* _WHAT THE TASK REQUIRES_
In the records below, find the line with "In terms of", then copy each line exactly until you have copied the line with "The image shows 64". Leave any picture out.

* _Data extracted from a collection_
==*==
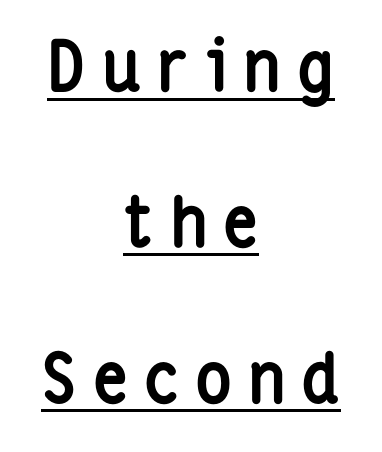
The image shows 69 px semibold, condensed sans-serif type, upright; set centered, loose line spacing (2.26x), unusually wide letter spacing (+0.23 em), underlined; low stroke contrast and a medium x-height.
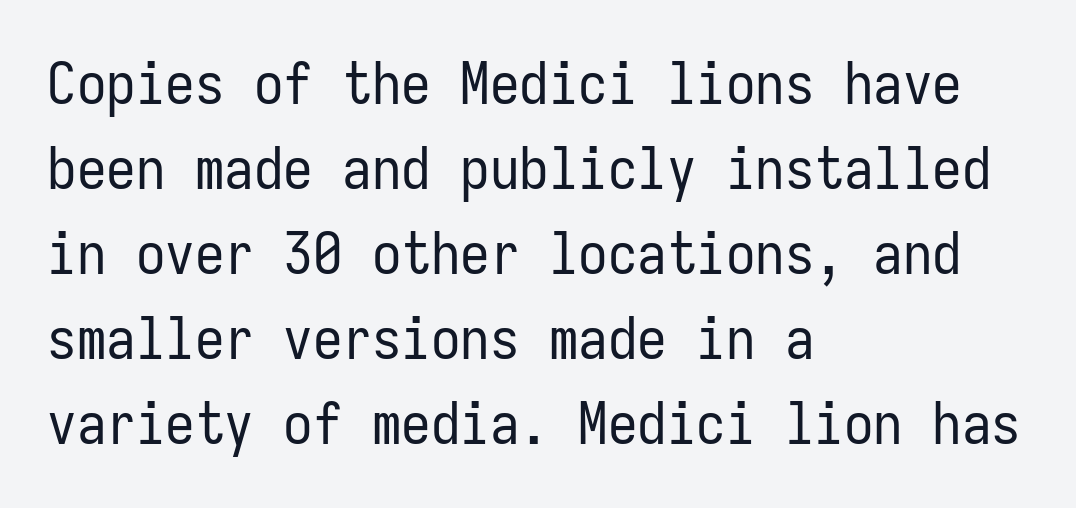
The image shows 59 px regular-weight, condensed sans-serif type, upright, monospaced; set left-aligned, normal line spacing (1.44x), normal letter spacing, not underlined; low stroke contrast and a medium x-height.
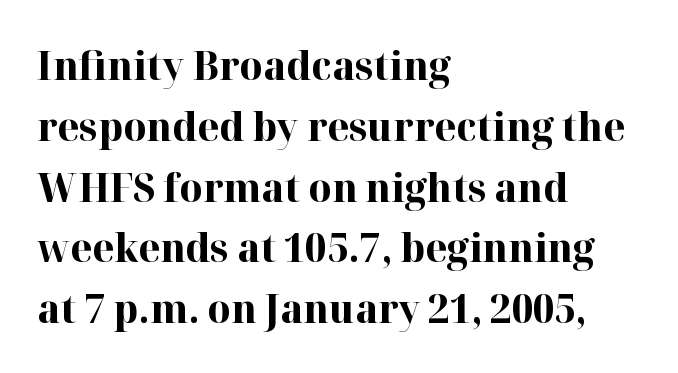
Q: Is the text bold? A: Yes.
Q: Is the text italic (slanted)? A: No, it is upright.
Q: Is the typeface a serif or a sans-serif typeface? A: Serif.
Q: Is the text underlined? A: No.
Q: How is the paragraph aligned? A: Left-aligned.
Q: Is the spacing between letters normal or unusually wide? A: Normal.
Q: Is the spacing between lines tight, normal or loose? A: Normal.
Q: Width (condensed, normal, or wide)? A: Normal.
Q: Stroke contrast? A: High.
Q: x-height? A: Medium.
Q: Monospaced? A: No.
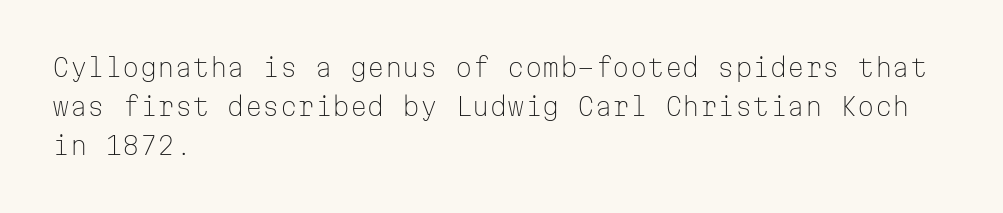
Is this a heavy cut? Hardly; it is regular or lighter. In CSS terms this would be text-align: left. Words appear dense and cohesive because spacing is normal. The gap between lines stays unmarked. Reading down the column, the eye jumps a familiar distance to each next line. This is roman type, the default non-slanted kind.
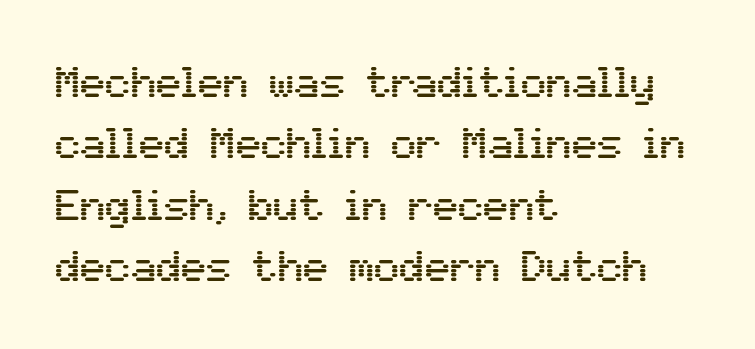
The image shows 42 px sans-serif type, upright; set left-aligned, normal line spacing (1.46x), normal letter spacing, not underlined; medium stroke contrast and a medium x-height.
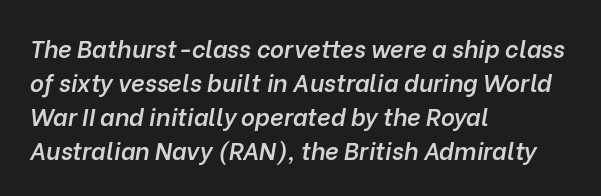
Designer's note — italics engaged. One-word summary of the alignment: left. A typesetter would call this leading conventional body-copy spacing. Check under the words: just untouched page.
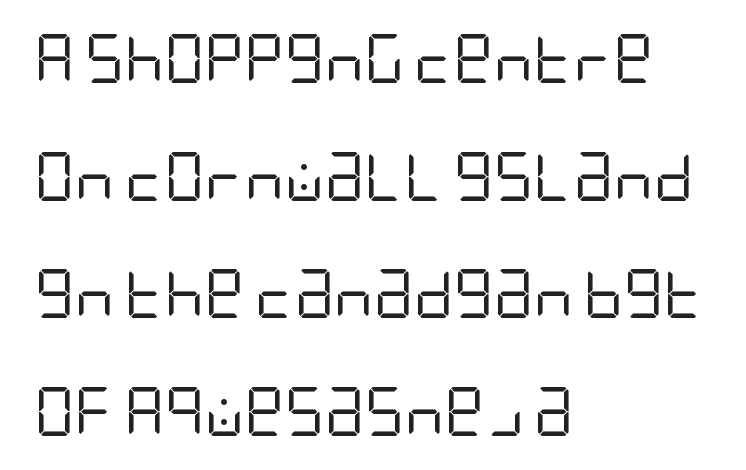
No italicization has been applied; the sample stays upright. What kind of face is this? One without serifs — a sans. Stems here are at most as thick as an everyday book face. Layout note: lines flush left. The gap between lines stays unmarked.
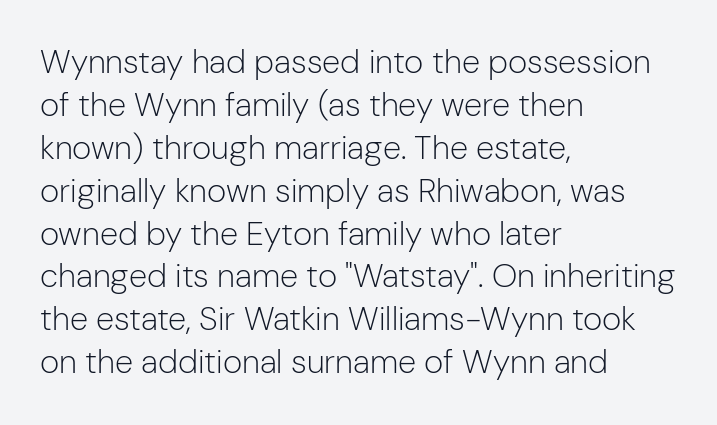
Quick note: not italic, upright. The passage shown stacks its lines at a standard gap. A classic flush-left, rag-right setting is used for this passage. Caption: standard tracking, unaltered. The typeface chosen for these lines omits serifs. Weight: not bold — regular or lighter.
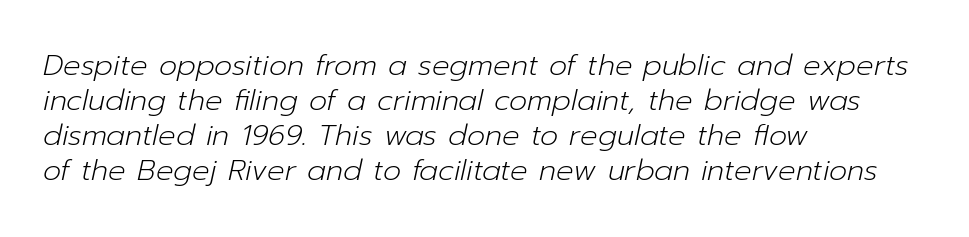
Q: Is the text bold? A: No.
Q: Is the text italic (slanted)? A: Yes, it leans right by about 12 degrees.
Q: Is the text underlined? A: No.
Q: How is the paragraph aligned? A: Left-aligned.
Q: Is the spacing between letters normal or unusually wide? A: Normal.
Q: Width (condensed, normal, or wide)? A: Normal.
Q: Stroke contrast? A: Low.
Q: x-height? A: Medium.
Q: Monospaced? A: No.
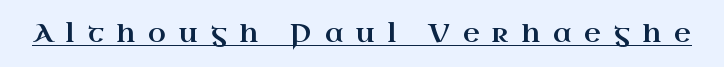
This sample carries an underscore along the baseline area. Tall strokes in this sample are plumb rather than angled. Letter spacing: wide.
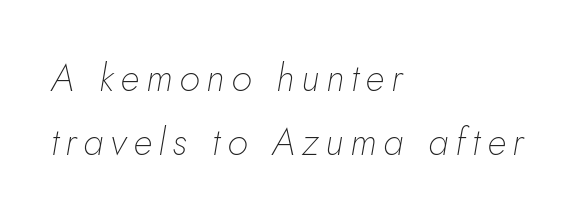
The image shows 38 px thin type, italic (leaning right); set left-aligned, normal line spacing (1.69x), not underlined; low stroke contrast and a small x-height.
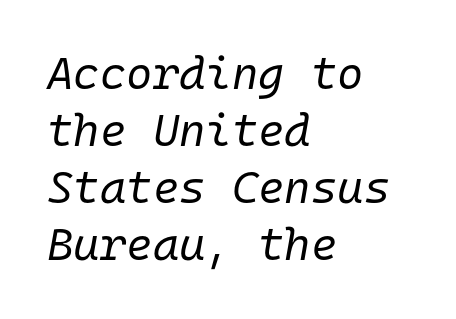
The image shows 45 px regular-weight type, italic (leaning right), monospaced; set left-aligned, normal line spacing (1.27x), normal letter spacing, not underlined; low stroke contrast and a medium x-height.
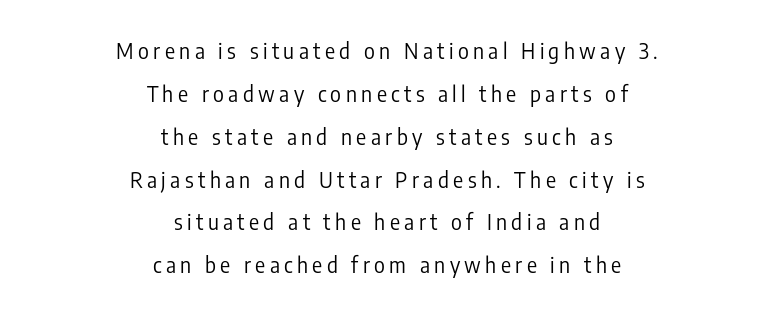
The image shows 21 px text type, upright; set centered, loose line spacing (2.04x), unusually wide letter spacing (+0.21 em), not underlined.
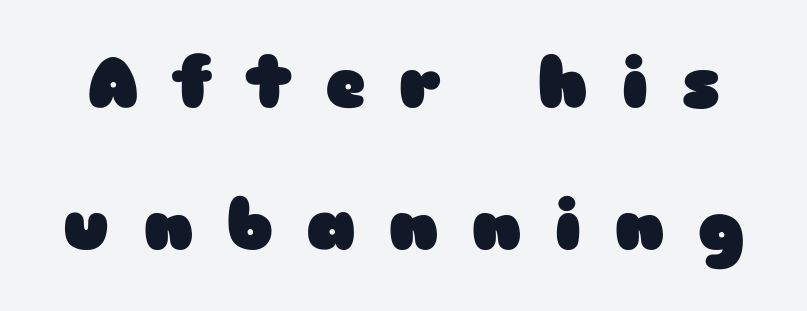
The image shows 70 px heavy, wide sans-serif type, upright; set loose line spacing (2.03x), unusually wide letter spacing (+0.47 em), not underlined; low stroke contrast and a medium x-height.
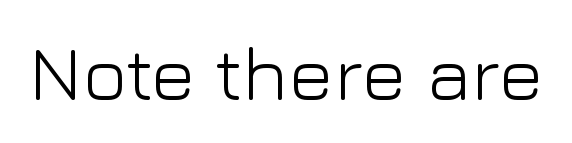
Nothing sits at the stroke ends, so this counts as sans-serif. It's the straight-up-and-down kind of type. Words appear dense and cohesive because spacing is normal. Letters rest on an invisible, unmarked baseline. The letters advance in unequal steps, a hallmark of proportional type. Caption: face not bold, strokes unweighted.
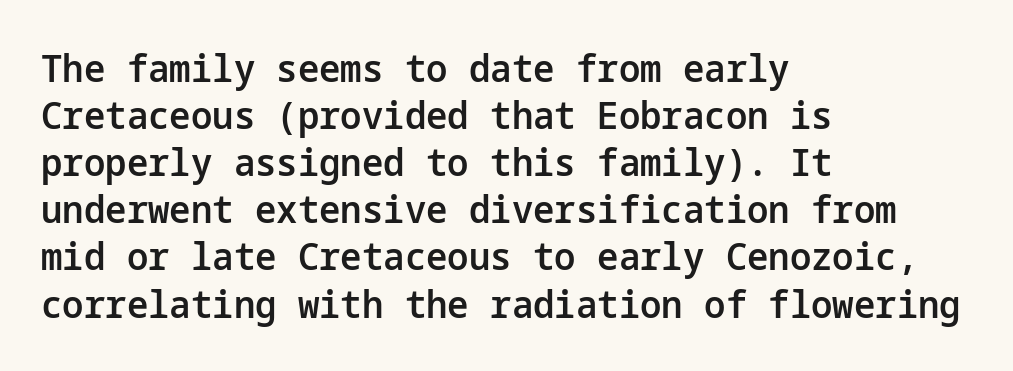
The image shows 38 px semibold sans-serif type, upright; set left-aligned, line spacing 1.24x, normal letter spacing, not underlined; low stroke contrast and a medium x-height.
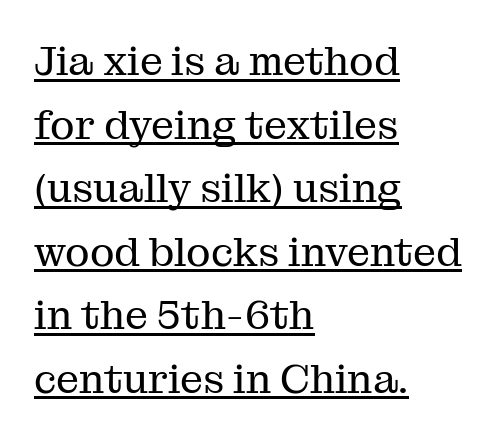
Underline: present. Regarding leading, the lines here are spaced in the standard way. Line beginnings align vertically; line endings do not. Typographically, this falls in the serif category. The typesetting does not lean heavy: it is not bold.
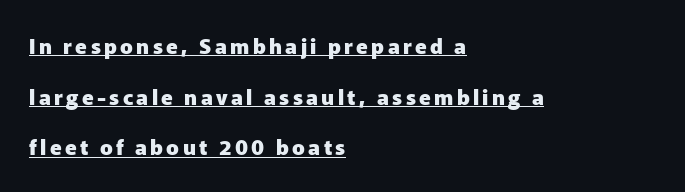
{"italic": "no", "bold": "yes", "underline": "yes", "align": "left", "line_spacing": "loose", "line_spacing_ratio": 2.41, "glyph_px": 21}
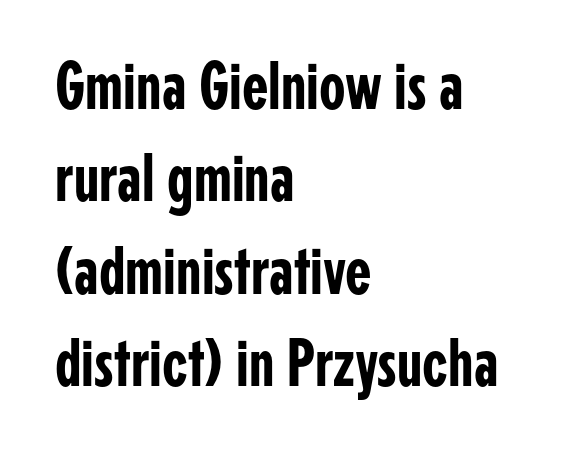
A typesetter would call this proportional, since set widths differ per character. Every row of glyphs begins at an identical x-position on the left. What kind of face is this? One without serifs — a sans. Compared with typical body copy, the letter spacing here is the same. Notice how descenders clear the ascenders below comfortably — that's standard leading.
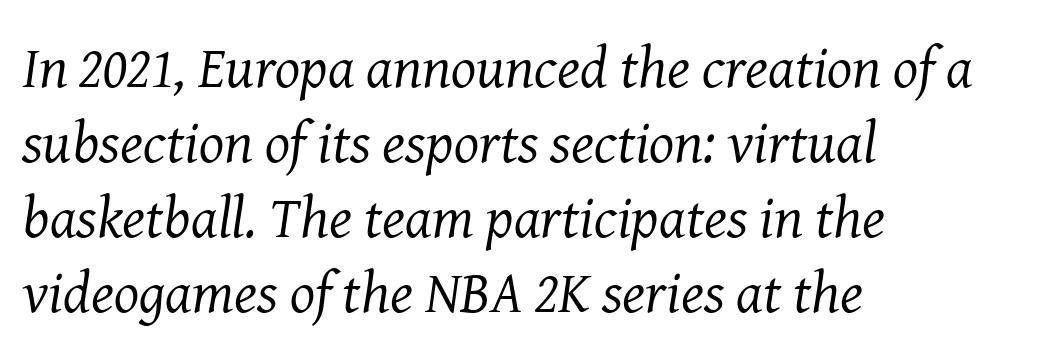
Q: Is the text bold? A: No.
Q: Is the text italic (slanted)? A: Yes, it leans right by about 8 degrees.
Q: Is the typeface a serif or a sans-serif typeface? A: Serif.
Q: Is the text underlined? A: No.
Q: How is the paragraph aligned? A: Left-aligned.
Q: Is the spacing between letters normal or unusually wide? A: Normal.
Q: Is the spacing between lines tight, normal or loose? A: Normal.
Q: Width (condensed, normal, or wide)? A: Normal.
Q: Stroke contrast? A: Medium.
Q: x-height? A: Medium.
Q: Monospaced? A: No.
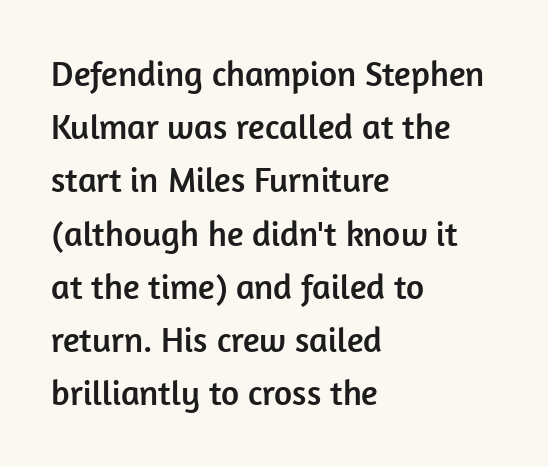
Q: Is the text italic (slanted)? A: No, it is upright.
Q: Is the typeface a serif or a sans-serif typeface? A: Sans-serif.
Q: Is the text underlined? A: No.
Q: How is the paragraph aligned? A: Left-aligned.
Q: Is the spacing between letters normal or unusually wide? A: Normal.
Q: Is the spacing between lines tight, normal or loose? A: Normal.
Q: Width (condensed, normal, or wide)? A: Normal.
Q: Stroke contrast? A: Low.
Q: x-height? A: Medium.
Q: Monospaced? A: No.
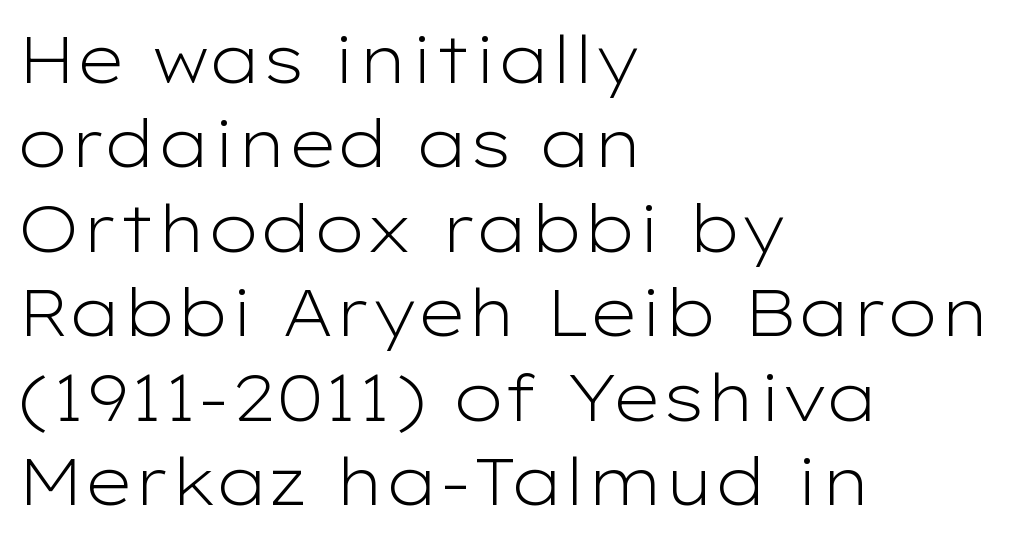
{"serif": "no", "italic": "no", "bold": "no", "weight": "light", "width": "wide", "stroke_contrast": "low", "x_height": "medium", "monospaced": "no", "underline": "no", "align": "left", "line_spacing": "normal", "line_spacing_ratio": 1.28, "letter_spacing": "normal", "letter_spacing_em": 0.0, "glyph_px": 66}
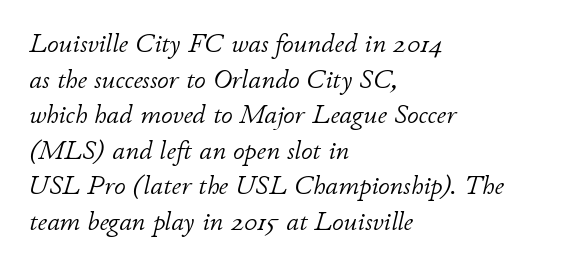
In terms of leading, this rendering sits right in the middle. The setting favours the left margin, as ordinary paragraphs usually do. Summary of weight: not heavy and not bold. The foot of each line stays bare and open.
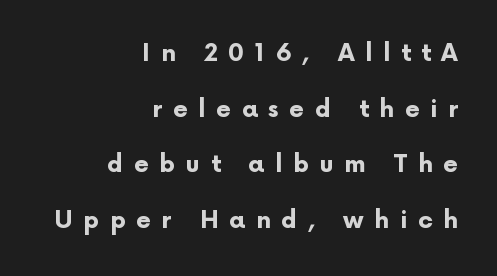
Q: Is the text bold? A: Yes.
Q: Is the text italic (slanted)? A: No, it is upright.
Q: Is the text underlined? A: No.
Q: How is the paragraph aligned? A: Right-aligned.
Q: Is the spacing between letters normal or unusually wide? A: Unusually wide.
Q: Is the spacing between lines tight, normal or loose? A: Loose.
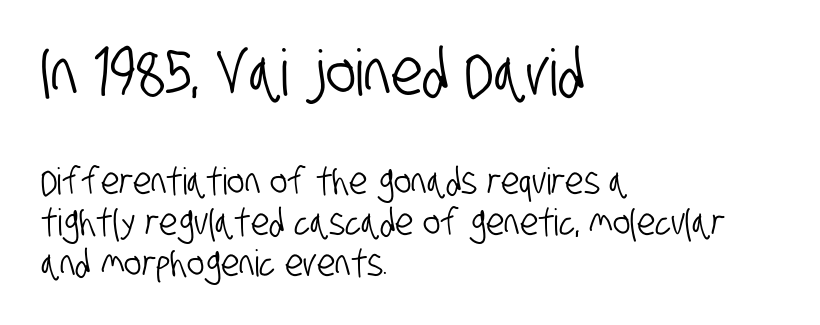
The image shows 64 px condensed sans-serif type; set left-aligned, tight line spacing (1.11x), normal letter spacing, not underlined; the first (top) block is 1.73x larger; low stroke contrast and a large x-height.
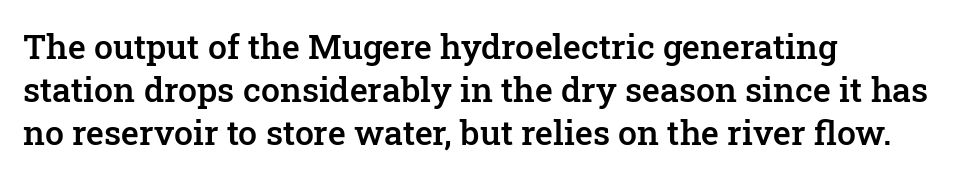
{"serif": "yes", "italic": "no", "bold": "semi", "weight": "semibold", "width": "normal", "stroke_contrast": "low", "x_height": "medium", "monospaced": "no", "underline": "no", "align": "left", "line_spacing": "normal", "line_spacing_ratio": 1.26, "letter_spacing": "normal", "letter_spacing_em": 0.0, "glyph_px": 34}
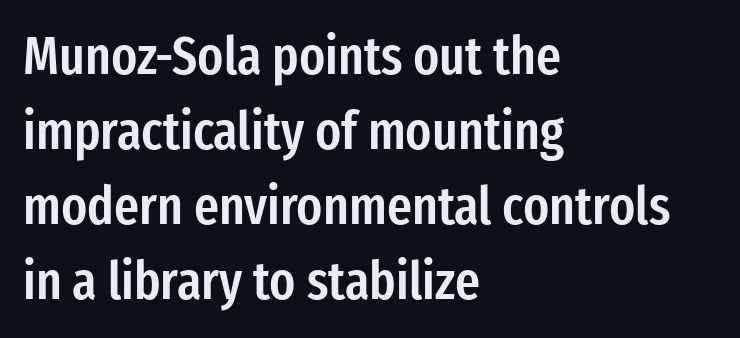
A roman cut, with each character standing at attention. The typesetter chose a ragged-right arrangement here. Default kerning and tracking; the words read as compact shapes. These lines are composed in type without serifs.
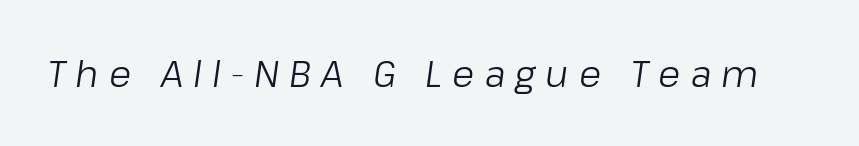
{"italic": "yes", "lean": "right", "slant_degrees": 8, "bold": "no", "weight": "regular", "width": "normal", "stroke_contrast": "low", "x_height": "medium", "monospaced": "no", "underline": "no", "letter_spacing": "wide", "letter_spacing_em": 0.28, "glyph_px": 36}
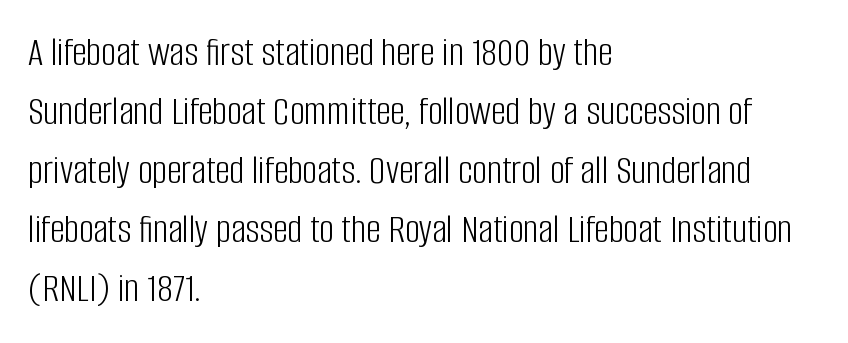
The image shows 41 px light, condensed sans-serif type, upright; set left-aligned, normal line spacing (1.44x), normal letter spacing, not underlined; low stroke contrast and a large x-height.
==*==
* _ANSWER SPACE_
In terms of leading, this rendering sits right in the middle. The setting favours the left margin, as ordinary paragraphs usually do. Summary of weight: not heavy and not bold. The foot of each line stays bare and open.
Q: Is the text bold? A: Yes.
Q: Is the text italic (slanted)? A: No, it is upright.
Q: Is the text underlined? A: No.
Q: How is the paragraph aligned? A: Right-aligned.
Q: Is the spacing between letters normal or unusually wide? A: Unusually wide.
Q: Is the spacing between lines tight, normal or loose? A: Loose.
The image shows 64 px condensed sans-serif type; set left-aligned, tight line spacing (1.11x), normal letter spacing, not underlined; the first (top) block is 1.73x larger; low stroke contrast and a large x-height.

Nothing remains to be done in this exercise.